After playing The Evil Within and experiencing that supernature roller coaster, I was eager to understand how developer Tango Gameworks would approach the open-world first-person action genre in Ghostwire: Tokyo. Throughout its opening chapters, I can say that I was surprised to still feel the tension of the horror genre in this design. Sure, you have the power to take on whatever threat this game throws at you, but there’s a risk-reward system in the gameloop that had me walking with caution.
Ghostwire: Tokyo is set in the streets of Tokyo after a strange mist falls over the region and pulls the spirits out of anyone alive. Following an accident, a spirit by the name of KK possesses the body of Akito, and their goals align to stop the threat of yokai. There are some symbiotic reasons for this, but you learn more about KK much later in the story. For now, Akito’s only concern is his sister.
The first-person nature of the adventure had me a little worried. After a few levels, I imagined that Akito’s skills would make encounters a cakewalk. While they speed things up, I couldn’t be more wrong in thinking this game would get any easier. There are so many nuances to the action that make encounters threatening. Whether it’s the quick and varied attacks of the enemies or managing ammo, you’ll often be near yokai, and it can be exceptionally thrilling.
All enemies have a core that must be destroyed. There’s a window of opportunity to take down an enemy after a few shots to their weak areas, but it requires time to destroy, and the enemies won’t stop attacking. It opens up more options than I assumed during each encounter; you can perfect block, pick off the weaker enemies, utilize the environment, sneak around, use elemental magic, or even a bow and arrow. This makes each encounter fun, given that you may run out of ammo during these encounters, but taking down enemies provides you with a few resources to keep the action moving.
The streets are generally safer as you have the option to run if you find yourself in a tough spot. However, side objectives lead you through smaller corridors and supernatural arenas that put your skills to the test. The yokai only becomes more complex the deeper into the city you go, and some demand some interesting tactics to even land hits.

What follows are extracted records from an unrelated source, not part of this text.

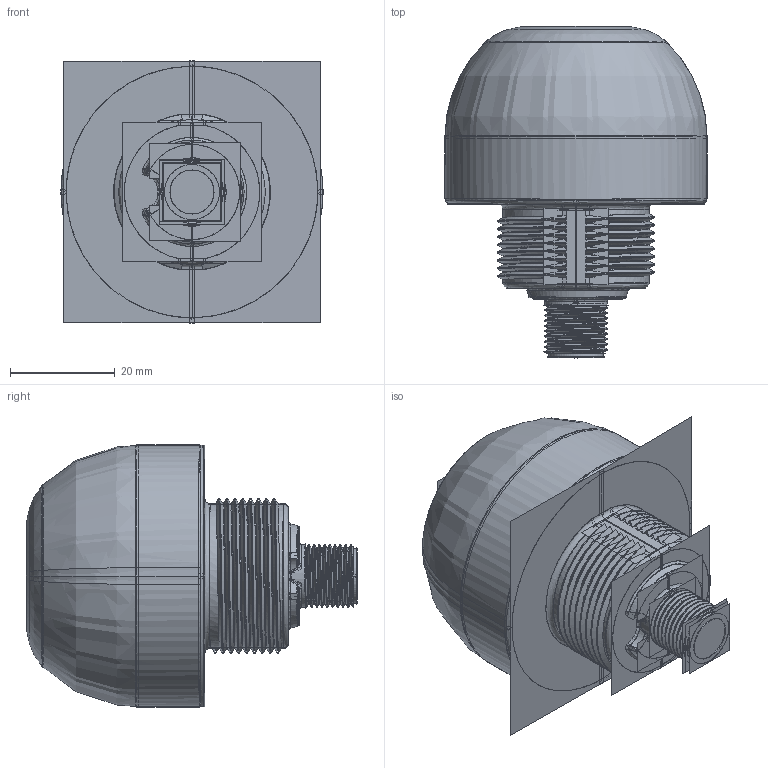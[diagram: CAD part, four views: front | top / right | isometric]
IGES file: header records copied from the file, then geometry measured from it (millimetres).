
Start section:  PTC IGES file: 240418_sm01.igs
Global section: file name: 240418_sm01.igs; native system: Creo Parametric by PTC Inc.; preprocessor: 2022414; author: banengservice; organization: Unknown; date: 20240610.094030; units: millimetre
Bounding box: 50 x 63.29 x 50 mm (x, y, z)
Volume: 68068.6 mm3; surface area: 47509.6 mm2
Topology: 1 solids, 1 shells, 456 faces, 2224 edges, 2717 vertices
Faces by surface type: bspline 296, revolution 160

Still, as I head further into the game, I don’t think it’s the combat that I need to worry about. Instead, I’m more off-put by the exploration aspect of this adventure. There’s a verticality about the city where you can get to the rooftops to find lost souls and some enemies, but exploring the rooftops feels so disjointed from the street level. I found it to provide a completely different experience that is neither challenging nor scary but instills fatigue on the player as they must get to these areas to recapture lost souls, and there are many to be found. I should add that the only reason this is important is that delivering these souls provides a lot of money and experience to deal with early threats.
If you were worried that Ghostwire: Tokyo traded action for horror, you’d be mistaken. There are plenty of horror elements here rolled out through some well-crafted supernatural environments and limited resources. It’s a level of challenge that is digestible for fans of these various genres, only heightened by eery sound design and nightmarish environments. As I head further into the game, I wonder how combat and this world will evolve. Whatever the case, my only goal now is to keep my cool during these tense encounters.
GhostWire: Tokyo is coming to PlayStation 5 and PC on March 25, 2021.